Invité de l’émission Faram Facce sur la TFM, le journaliste et analyste politique Cheikh Yérim Seck est formel : l’annonce d’Ousmane Sonko concernant la non-participation de Pastef au nouveau gouvernement marque l’ouverture d’un « nouveau cycle politique » pour l’ancien Premier ministre.

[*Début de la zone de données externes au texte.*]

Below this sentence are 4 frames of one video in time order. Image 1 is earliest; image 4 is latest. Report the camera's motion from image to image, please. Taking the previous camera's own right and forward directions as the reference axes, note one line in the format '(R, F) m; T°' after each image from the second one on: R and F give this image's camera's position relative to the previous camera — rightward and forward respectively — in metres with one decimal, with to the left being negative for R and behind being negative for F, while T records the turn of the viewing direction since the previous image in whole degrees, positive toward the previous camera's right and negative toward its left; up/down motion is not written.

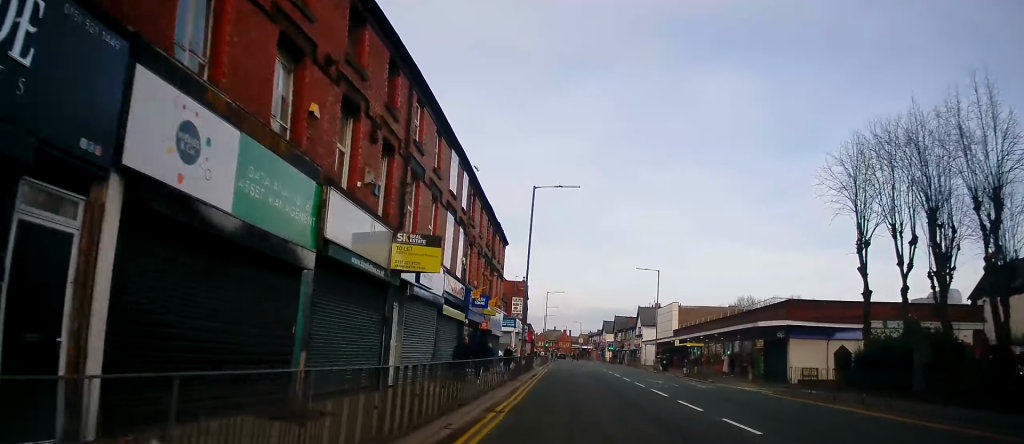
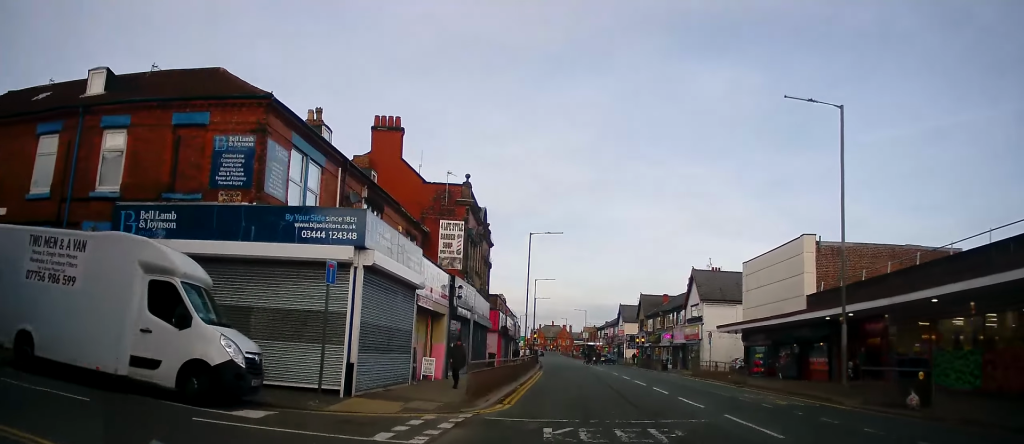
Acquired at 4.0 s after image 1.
(+1.3, +42.7) m; +1°
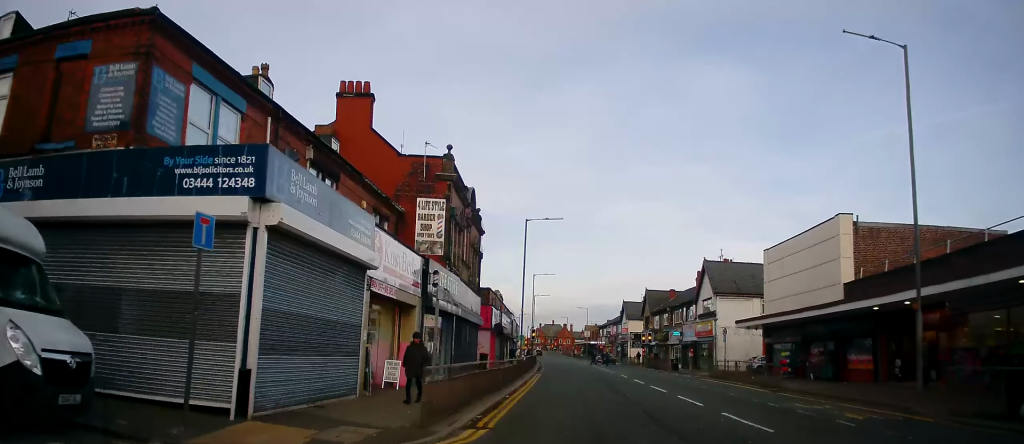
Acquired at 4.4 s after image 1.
(+0.2, +4.8) m; +1°
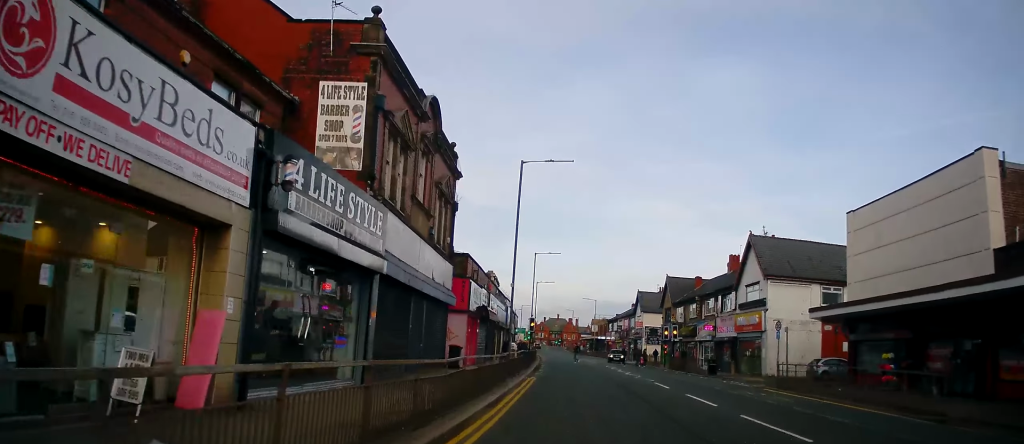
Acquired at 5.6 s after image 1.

Selon lui, la déclaration médiatique du nouveau président de l’Assemblée nationale, intervenue lundi, s’adressait avant tout à sa propre famille politique. « Hier, Ousmane Sonko a parlé au peuple de Pastef », a-t-il souligné, estimant que le leader des Patriotes mesure pleinement la recomposition politique dans laquelle il évolue désormais.
Cheikh Yérim Seck considère que le chef de Pastef se trouve dans une situation inédite depuis l’arrivée de son camp au pouvoir. « Il sait qu’un nouveau cycle politique s’est ouvert pour lui. Il était au gouvernement, il en est sorti. Par conséquent, il se dirige vers des lendemains incertains », a-t-il affirmé.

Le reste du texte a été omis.